Linear Regression with Unknown Truncation Beyond Gaussian Features
This solves a practical problem in statistics and machine learning where data truncation is common but the truncation set is unknown, offering efficient estimation without strong distributional assumptions.
The paper tackles truncated linear regression with an unknown survival set, a long-standing open problem, and presents the first algorithm that runs in polynomial time in dimension and accuracy, requiring only sub-Gaussian feature vectors.

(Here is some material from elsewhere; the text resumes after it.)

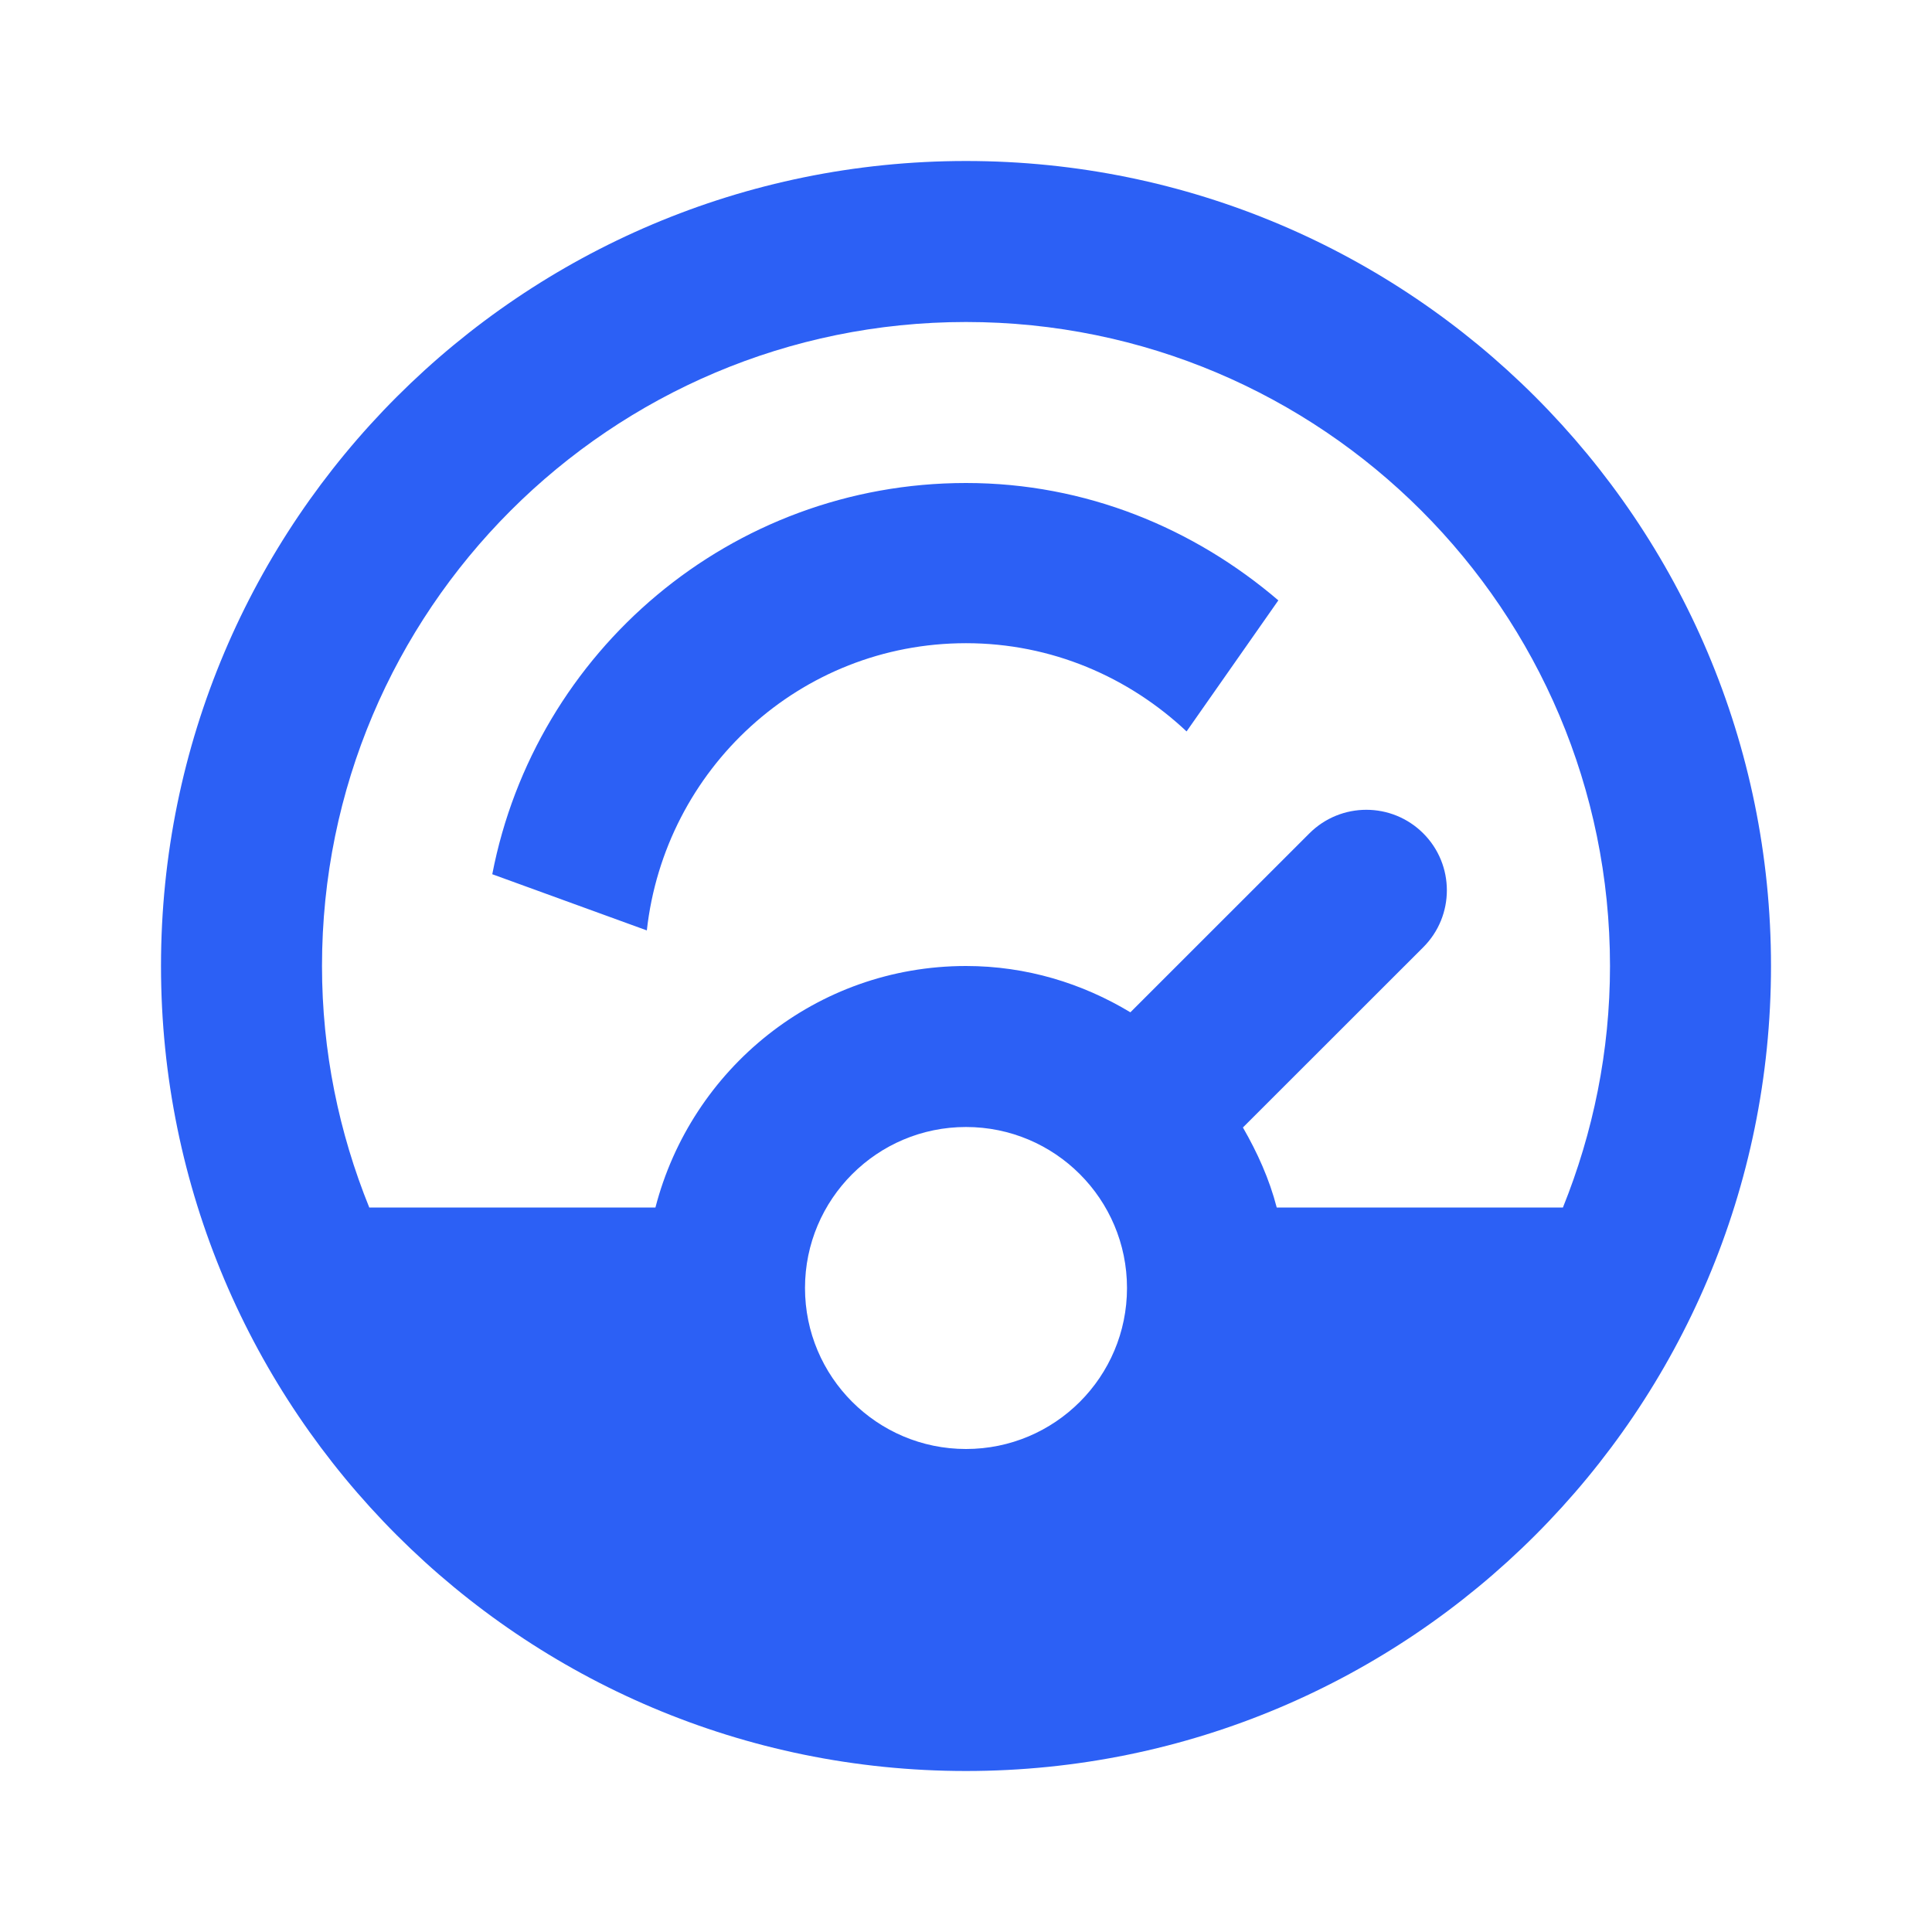 <svg xmlns="http://www.w3.org/2000/svg" xmlns:xlink="http://www.w3.org/1999/xlink" fill="none" version="1.1" width="60" height="60" viewBox="0 0 60 60"><defs><clipPath id="master_svg0_606_1001"><rect x="0" y="0" width="60" height="60" rx="0"/></clipPath></defs><g clip-path="url(#master_svg0_606_1001)"><g><path d="M5,30C5,43.805,16.195,55,30,55C43.808,55,55,43.805,55,30C55,16.193,43.808,5,30,5C16.195,5,5,16.193,5,30ZM10,30C10,18.955,18.955,10,30,10C41.045,10,50,18.955,50,30C50,32.655,49.473,35.18,48.538,37.5L39.65,37.5C39.42,36.612,39.048,35.793,38.6,35.015L44.2,29.418C45.178,28.44,45.178,26.858,44.2,25.88C43.223,24.905,41.643,24.905,40.665,25.88L35.105,31.438C33.613,30.538,31.875,30,30,30C25.348,30,21.47,33.192,20.355,37.5L11.468,37.5C10.528,35.18,10,32.655,10,30ZM39.7,18.645C37.08,16.405,33.72,15,30,15C22.693,15,16.623,20.23,15.288,27.15L20.088,28.895C20.645,23.885,24.843,19.975,30,19.975C32.658,19.975,35.055,21.027,36.85,22.715L39.7,18.645ZM35,40C35,42.76,32.763,45,30,45C27.24,45,25,42.76,25,40C25,37.24,27.24,35,30,35C32.763,35,35,37.24,35,40Z" fill-rule="evenodd" fill="#2C60F5" fill-opacity="1"/></g></g></svg>

In truncated linear regression, samples $(x,y)$ are shown only when the outcome $y$ falls inside a certain survival set $S^\star$ and the goal is to estimate the unknown $d$-dimensional regressor $w^\star$. This problem has a long history of study in Statistics and Machine Learning going back to the works of (Galton, 1897; Tobin, 1958) and more recently in, e.g., (Daskalakis et al., 2019; 2021; Lee et al., 2023; 2024). Despite this long history, however, most prior works are limited to the special case where $S^\star$ is precisely known. The more practically relevant case, where $S^\star$ is unknown and must be learned from data, remains open: indeed, here the only available algorithms require strong assumptions on the distribution of the feature vectors (e.g., Gaussianity) and, even then, have a $d^{\mathrm{poly} (1/\varepsilon)}$ run time for achieving $\varepsilon$ accuracy. In this work, we give the first algorithm for truncated linear regression with unknown survival set that runs in $\mathrm{poly} (d/\varepsilon)$ time, by only requiring that the feature vectors are sub-Gaussian. Our algorithm relies on a novel subroutine for efficiently learning unions of a bounded number of intervals using access to positive examples (without any negative examples) under a certain smoothness condition. This learning guarantee adds to the line of works on positive-only PAC learning and may be of independent interest.